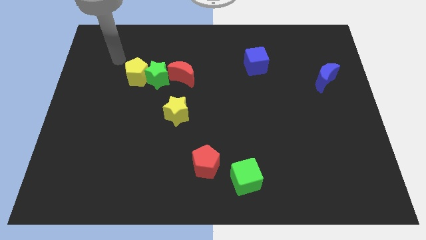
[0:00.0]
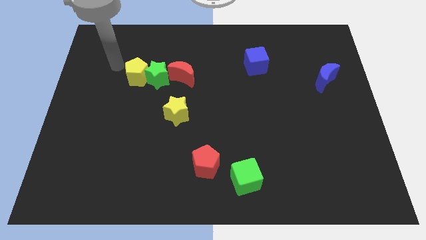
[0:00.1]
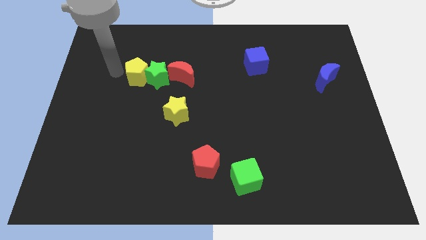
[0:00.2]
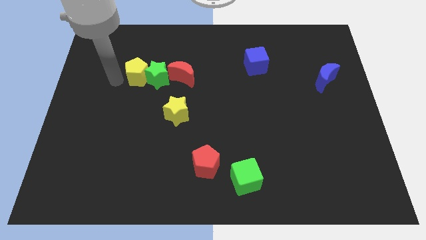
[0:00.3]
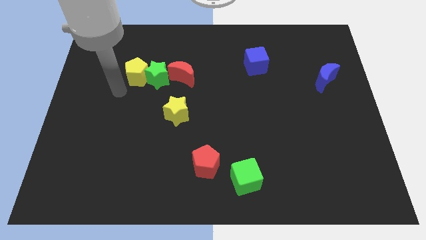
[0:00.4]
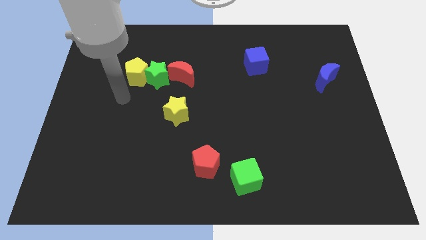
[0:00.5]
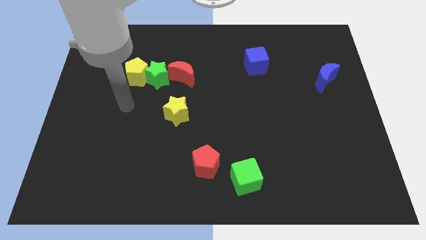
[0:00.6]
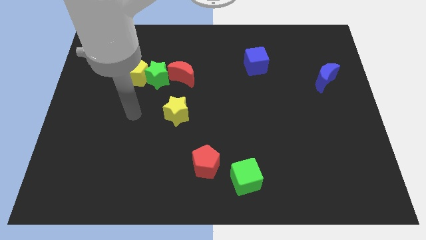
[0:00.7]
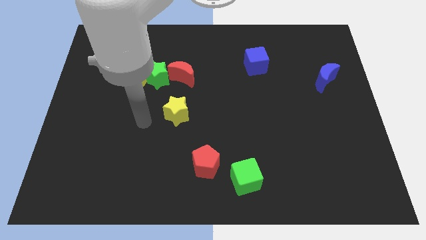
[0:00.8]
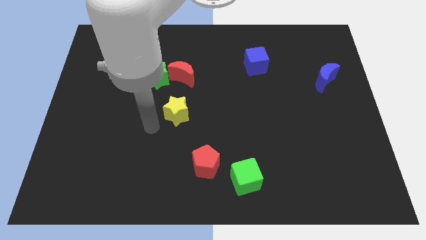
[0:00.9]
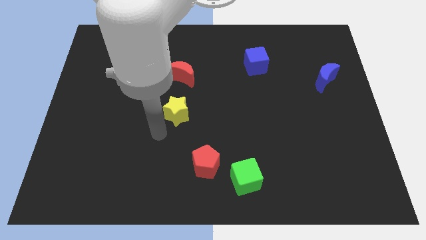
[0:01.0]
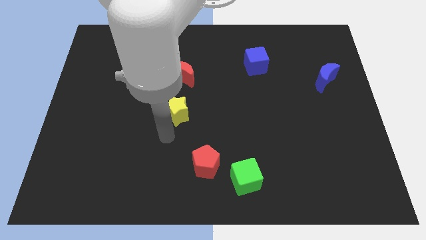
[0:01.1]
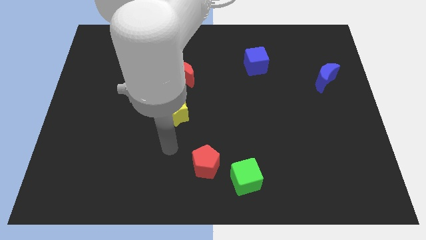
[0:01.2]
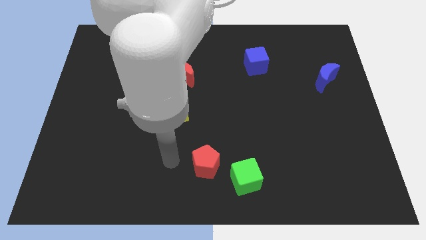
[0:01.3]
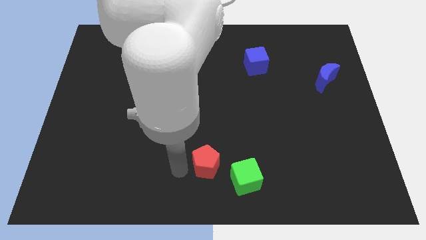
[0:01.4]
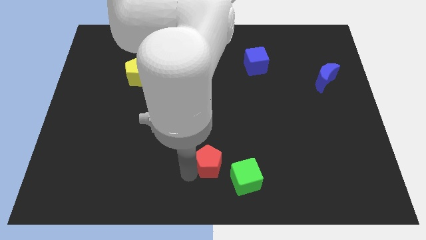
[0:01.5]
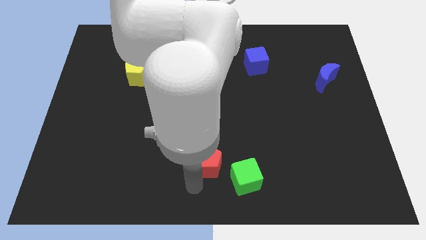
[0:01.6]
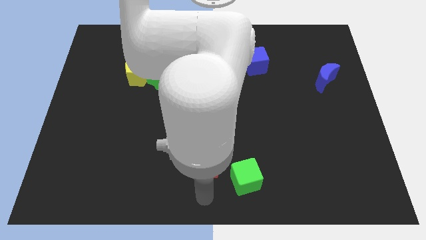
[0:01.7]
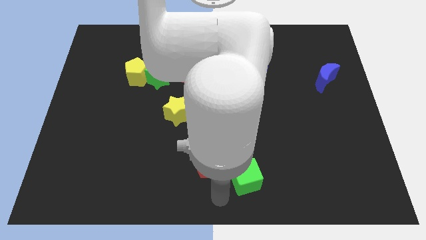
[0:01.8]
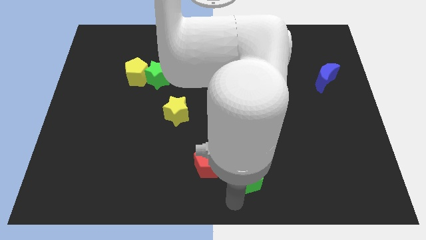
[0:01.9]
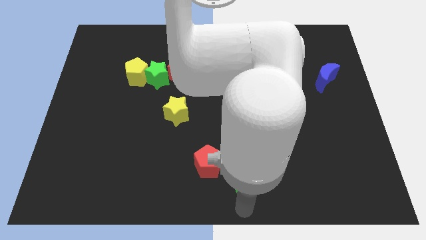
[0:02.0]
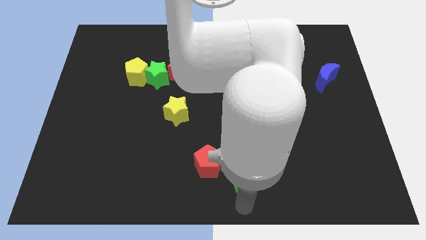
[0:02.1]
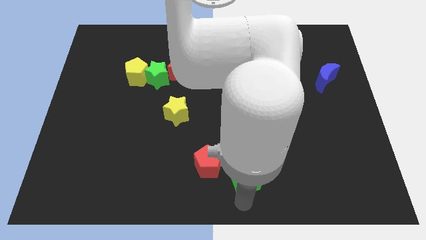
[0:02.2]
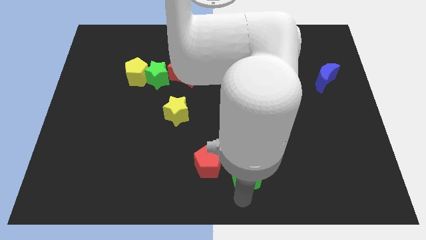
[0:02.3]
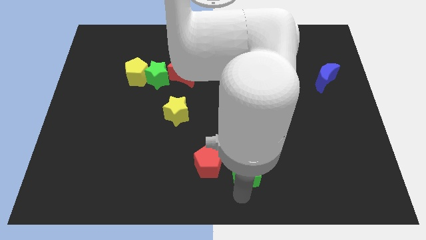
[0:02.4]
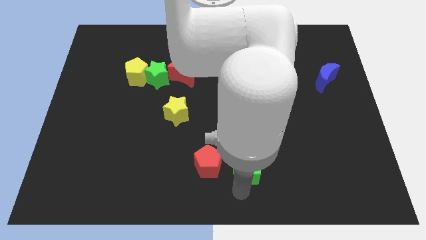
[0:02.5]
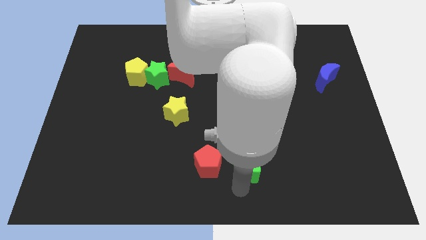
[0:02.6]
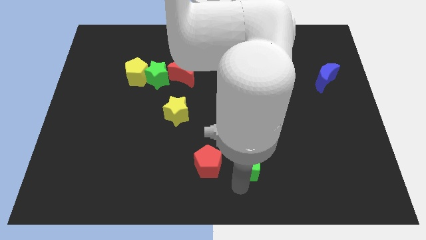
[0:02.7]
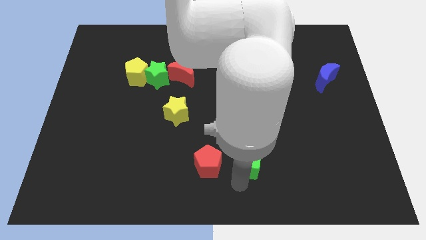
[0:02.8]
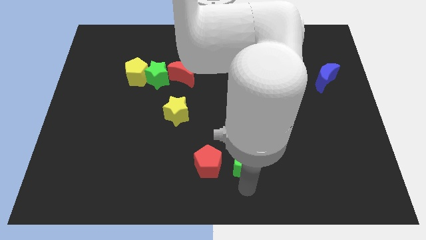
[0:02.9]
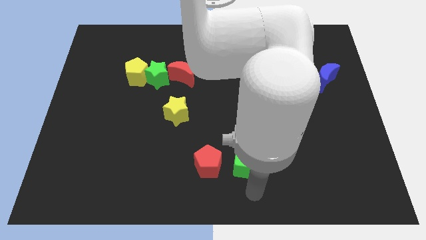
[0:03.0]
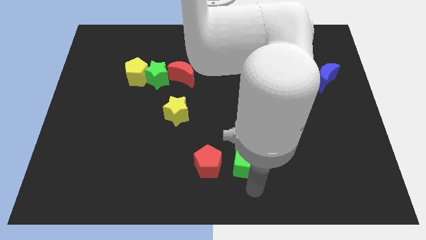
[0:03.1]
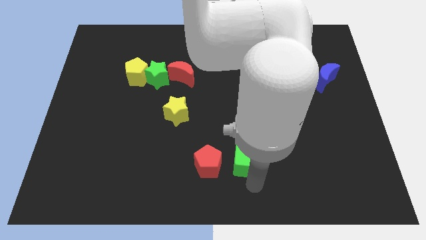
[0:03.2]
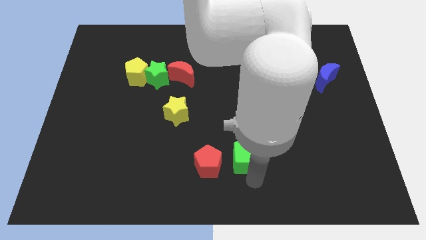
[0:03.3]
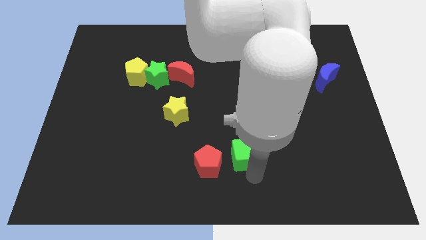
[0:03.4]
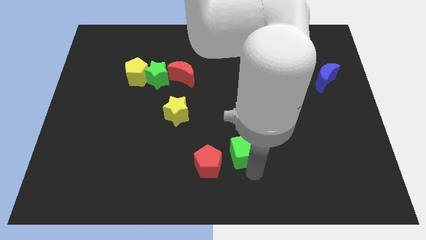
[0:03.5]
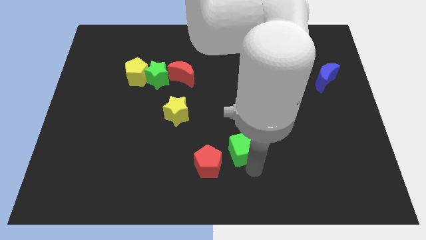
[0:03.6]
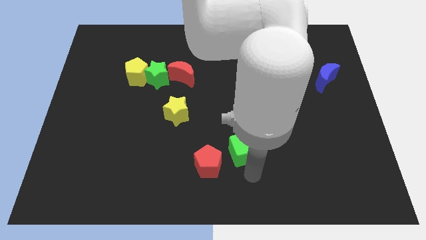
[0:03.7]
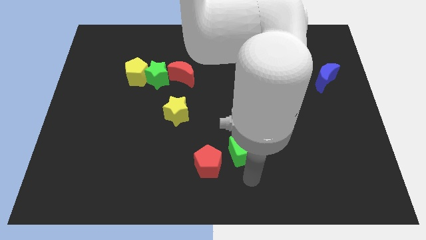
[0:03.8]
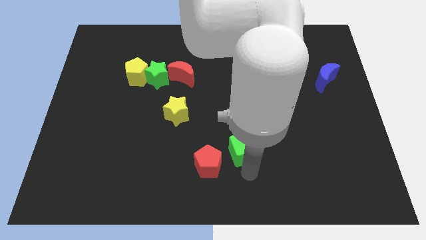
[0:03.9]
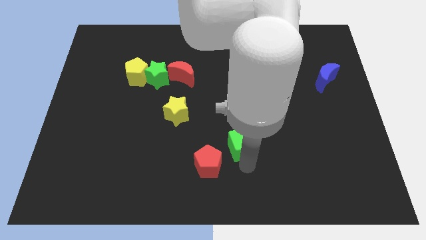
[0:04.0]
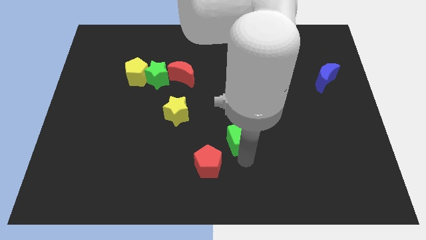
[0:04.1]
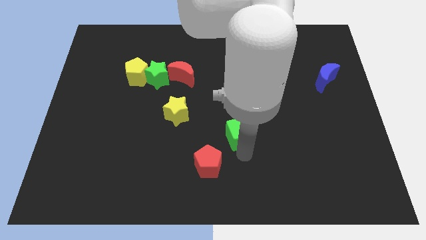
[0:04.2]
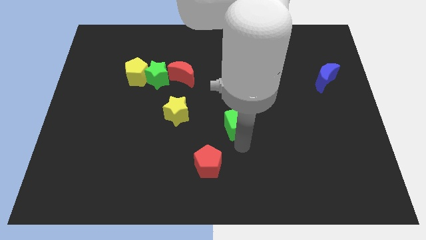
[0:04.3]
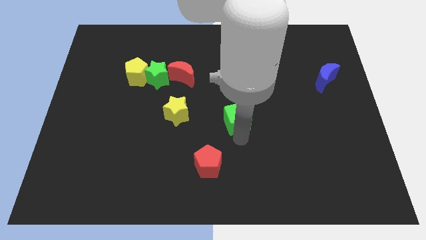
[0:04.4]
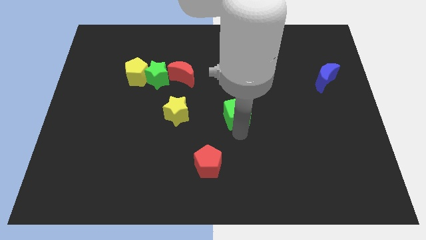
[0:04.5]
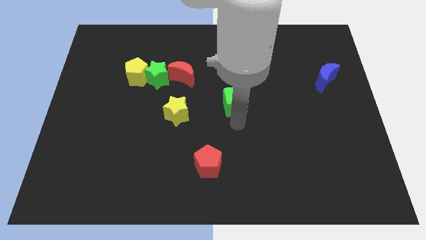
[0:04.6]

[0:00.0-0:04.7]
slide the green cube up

━━━━━━

Everything in the material above must be repeated exactly, apart from its pictures.

[0:00.0]
[0:00.1]
[0:00.2]
[0:00.3]
[0:00.4]
[0:00.5]
[0:00.6]
[0:00.7]
[0:00.8]
[0:00.9]
[0:01.0]
[0:01.1]
[0:01.2]
[0:01.3]
[0:01.4]
[0:01.5]
[0:01.6]
[0:01.7]
[0:01.8]
[0:01.9]
[0:02.0]
[0:02.1]
[0:02.2]
[0:02.3]
[0:02.4]
[0:02.5]
[0:02.6]
[0:02.7]
[0:02.8]
[0:02.9]
[0:03.0]
[0:03.1]
[0:03.2]
[0:03.3]
[0:03.4]
[0:03.5]
[0:03.6]
[0:03.7]
[0:03.8]
[0:03.9]
[0:04.0]
[0:04.1]
[0:04.2]
[0:04.3]
[0:04.4]
[0:04.5]
[0:04.6]

[0:00.0-0:04.7]
slide the green cube up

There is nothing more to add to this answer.